▸ Given data
++++++++++
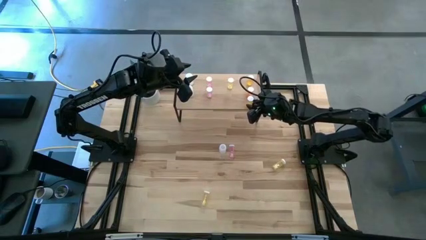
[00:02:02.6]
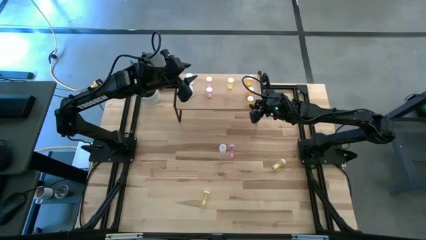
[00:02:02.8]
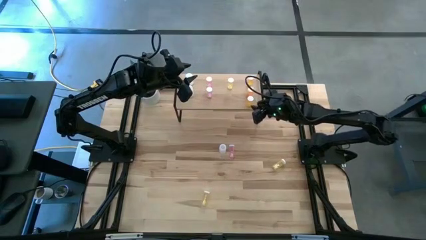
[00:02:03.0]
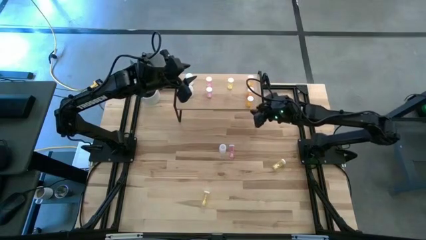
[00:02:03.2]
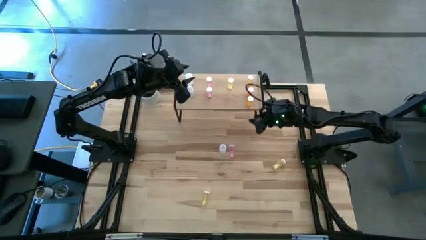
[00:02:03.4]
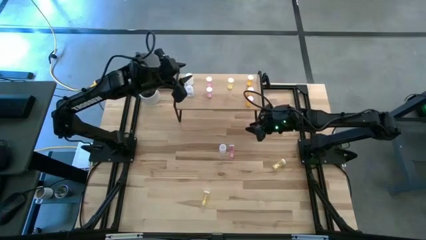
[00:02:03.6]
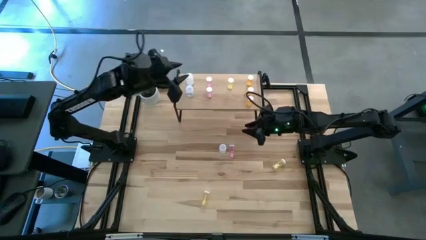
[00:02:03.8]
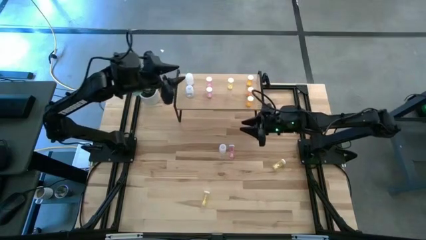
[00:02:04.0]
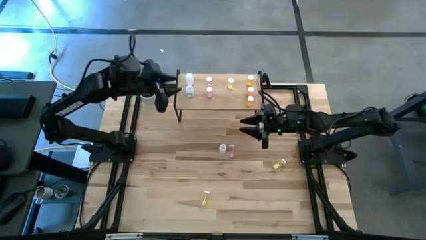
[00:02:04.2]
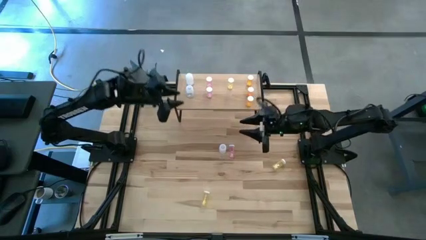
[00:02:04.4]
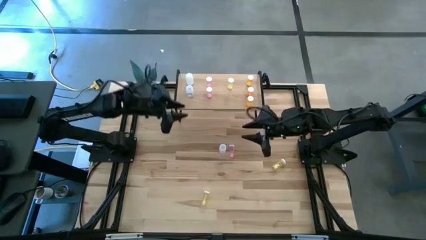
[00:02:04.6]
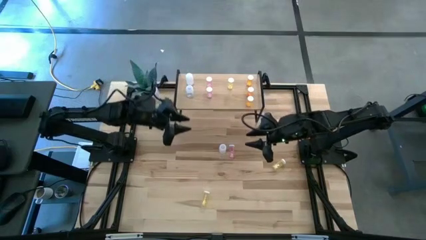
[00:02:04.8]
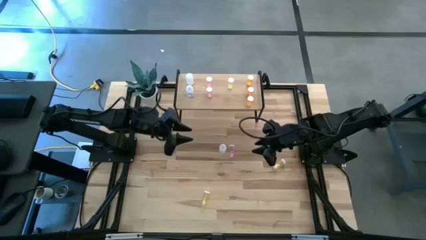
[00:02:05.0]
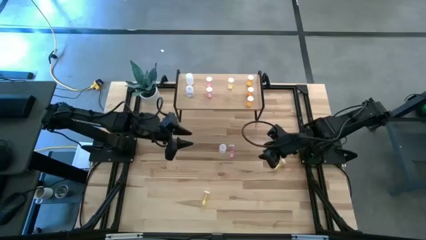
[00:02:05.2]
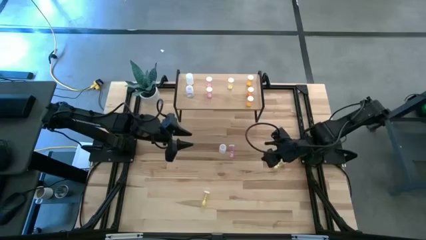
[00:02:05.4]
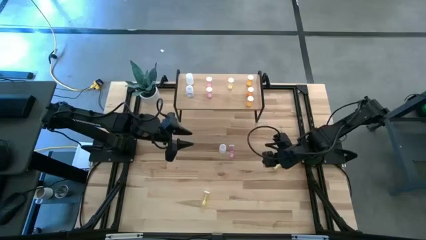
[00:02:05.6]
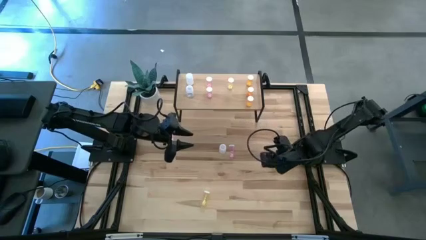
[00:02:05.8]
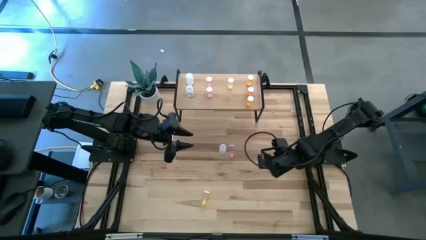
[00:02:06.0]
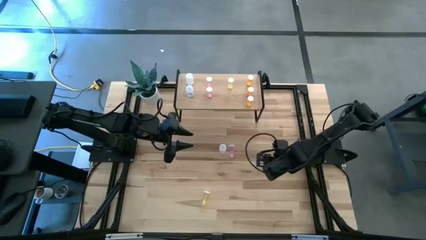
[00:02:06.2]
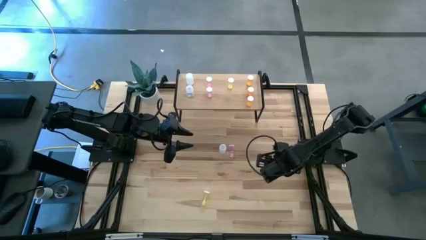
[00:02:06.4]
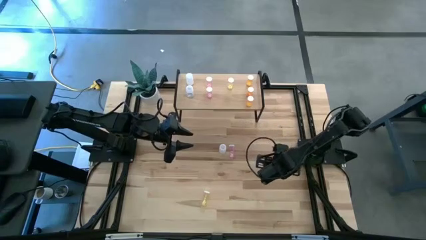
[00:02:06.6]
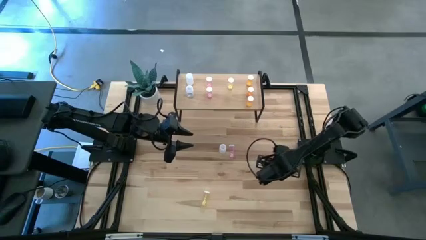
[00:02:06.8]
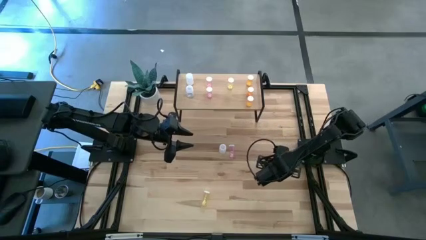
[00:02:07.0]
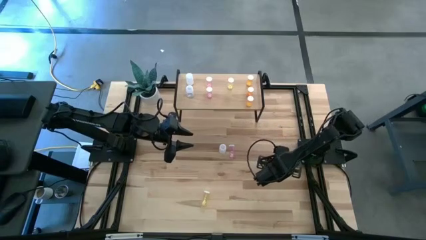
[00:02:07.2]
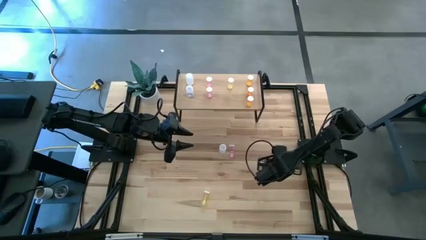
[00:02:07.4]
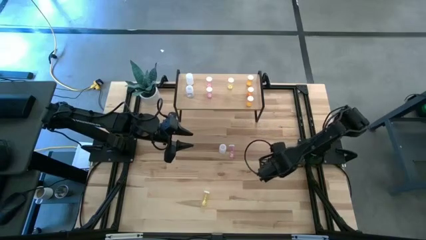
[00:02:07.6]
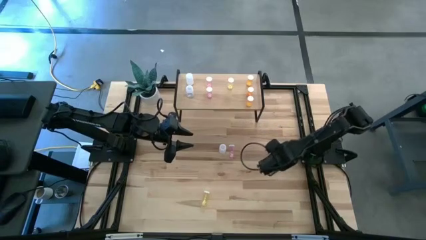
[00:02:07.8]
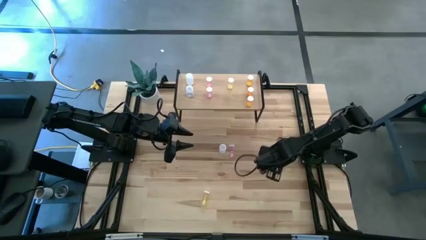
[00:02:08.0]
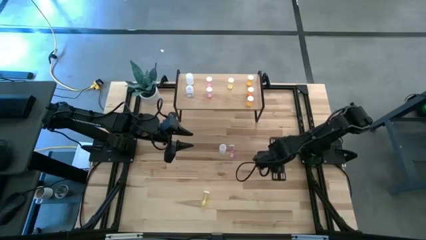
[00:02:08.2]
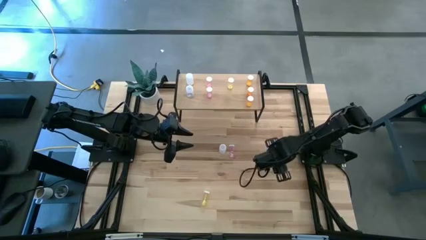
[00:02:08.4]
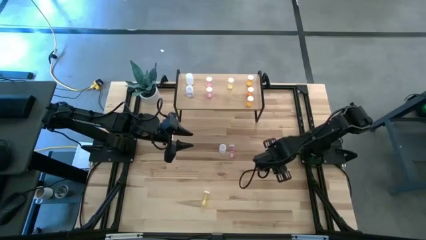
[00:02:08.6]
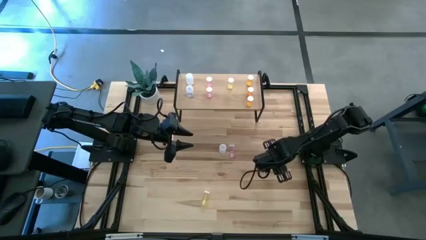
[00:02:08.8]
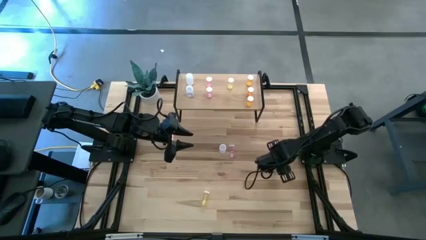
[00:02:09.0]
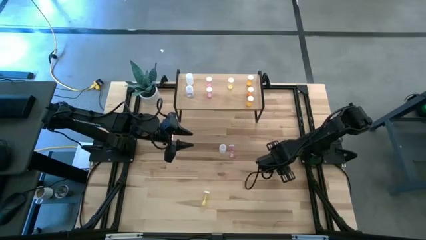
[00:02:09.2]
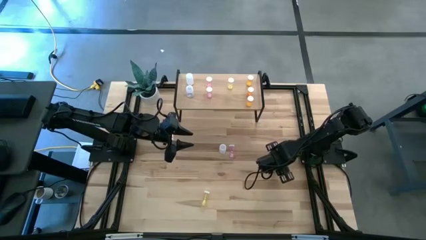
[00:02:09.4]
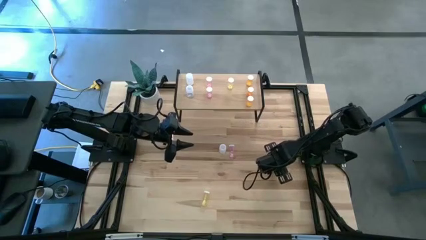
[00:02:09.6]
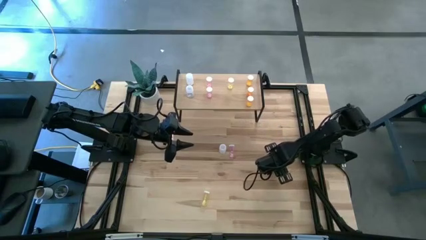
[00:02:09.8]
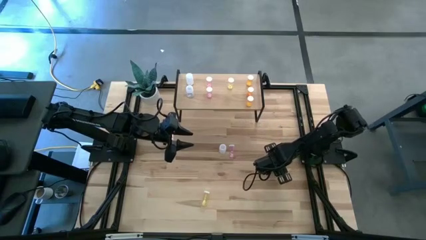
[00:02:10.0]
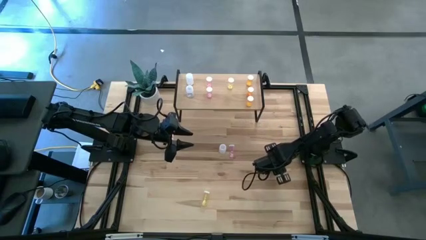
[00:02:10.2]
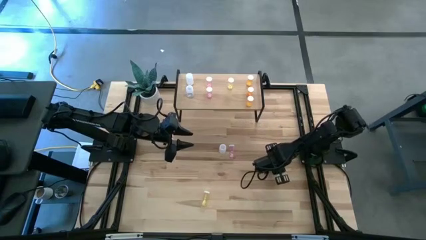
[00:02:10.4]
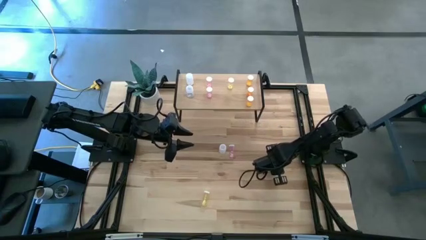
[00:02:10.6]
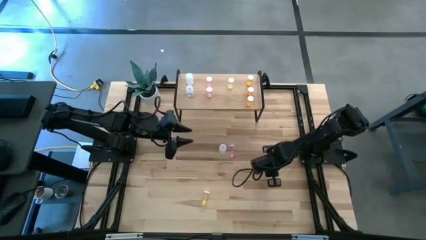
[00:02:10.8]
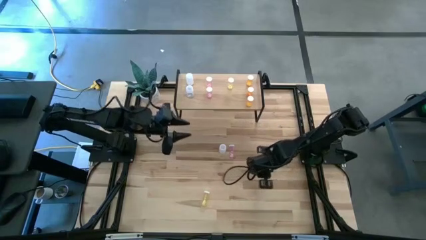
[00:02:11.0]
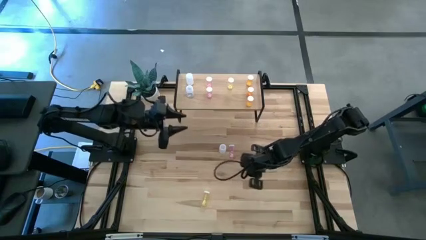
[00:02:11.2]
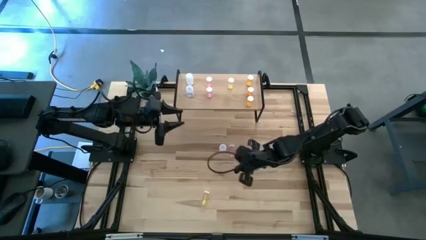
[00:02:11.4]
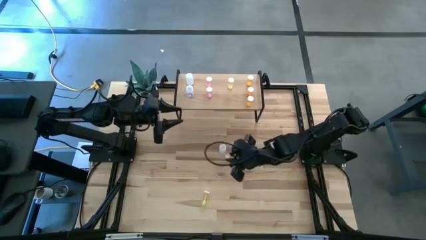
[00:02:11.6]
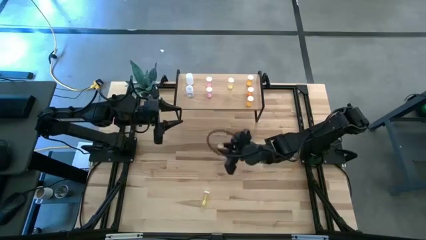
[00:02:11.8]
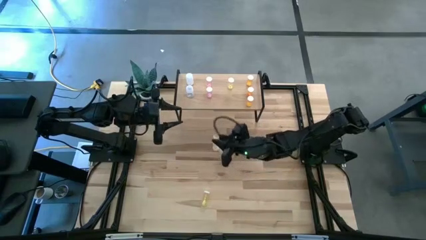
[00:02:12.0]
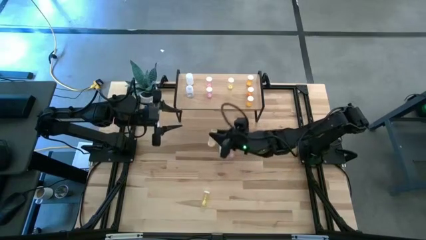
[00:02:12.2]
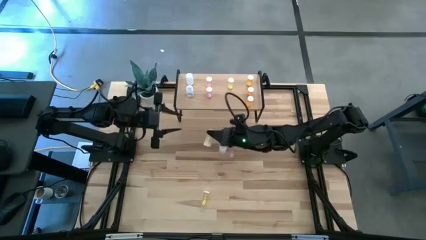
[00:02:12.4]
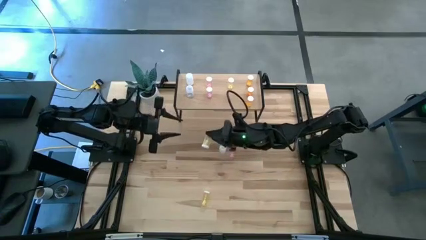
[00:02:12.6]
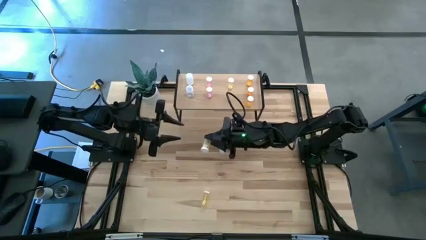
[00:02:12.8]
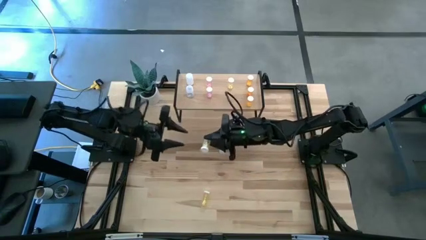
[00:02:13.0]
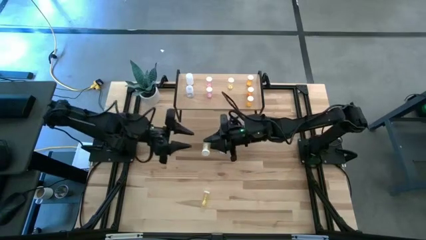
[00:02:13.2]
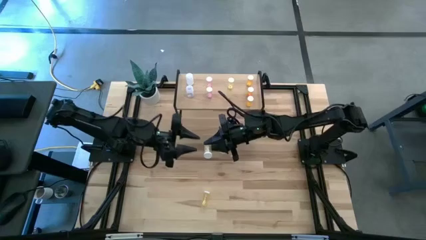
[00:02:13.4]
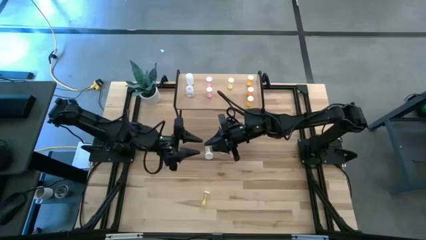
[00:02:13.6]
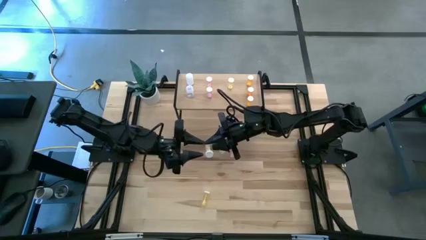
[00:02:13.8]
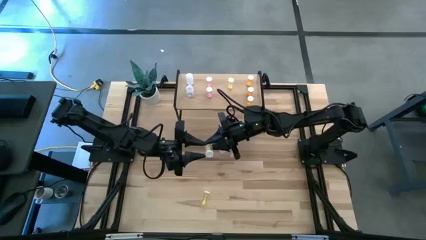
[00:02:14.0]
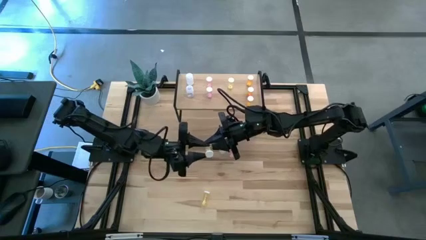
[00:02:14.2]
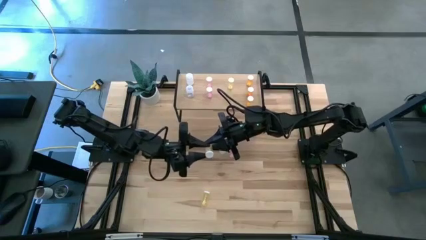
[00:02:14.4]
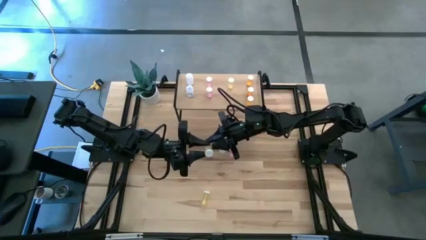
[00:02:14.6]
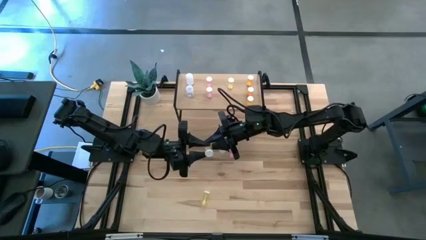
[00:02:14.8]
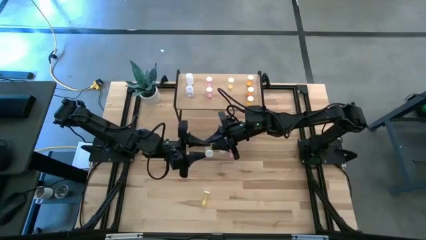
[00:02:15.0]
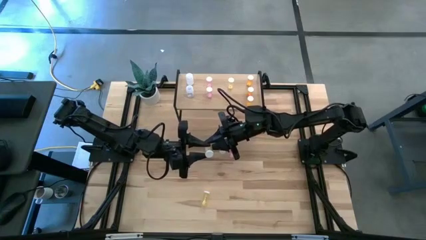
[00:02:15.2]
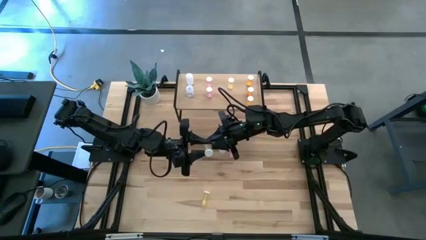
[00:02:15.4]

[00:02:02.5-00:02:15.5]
Task: Pick and place medicine bottles onto shelf by color
Put the right yellow pill bottle aligned with the other yellow pill bottle on the shelf
++++++++++
▸ Problem to work on
Reproduce the whole of the data, word for word, and omit its pictures.

▸ Your response
[00:02:02.6]
[00:02:02.8]
[00:02:03.0]
[00:02:03.2]
[00:02:03.4]
[00:02:03.6]
[00:02:03.8]
[00:02:04.0]
[00:02:04.2]
[00:02:04.4]
[00:02:04.6]
[00:02:04.8]
[00:02:05.0]
[00:02:05.2]
[00:02:05.4]
[00:02:05.6]
[00:02:05.8]
[00:02:06.0]
[00:02:06.2]
[00:02:06.4]
[00:02:06.6]
[00:02:06.8]
[00:02:07.0]
[00:02:07.2]
[00:02:07.4]
[00:02:07.6]
[00:02:07.8]
[00:02:08.0]
[00:02:08.2]
[00:02:08.4]
[00:02:08.6]
[00:02:08.8]
[00:02:09.0]
[00:02:09.2]
[00:02:09.4]
[00:02:09.6]
[00:02:09.8]
[00:02:10.0]
[00:02:10.2]
[00:02:10.4]
[00:02:10.6]
[00:02:10.8]
[00:02:11.0]
[00:02:11.2]
[00:02:11.4]
[00:02:11.6]
[00:02:11.8]
[00:02:12.0]
[00:02:12.2]
[00:02:12.4]
[00:02:12.6]
[00:02:12.8]
[00:02:13.0]
[00:02:13.2]
[00:02:13.4]
[00:02:13.6]
[00:02:13.8]
[00:02:14.0]
[00:02:14.2]
[00:02:14.4]
[00:02:14.6]
[00:02:14.8]
[00:02:15.0]
[00:02:15.2]
[00:02:15.4]

[00:02:02.5-00:02:15.5]
Task: Pick and place medicine bottles onto shelf by color
Put the right yellow pill bottle aligned with the other yellow pill bottle on the shelf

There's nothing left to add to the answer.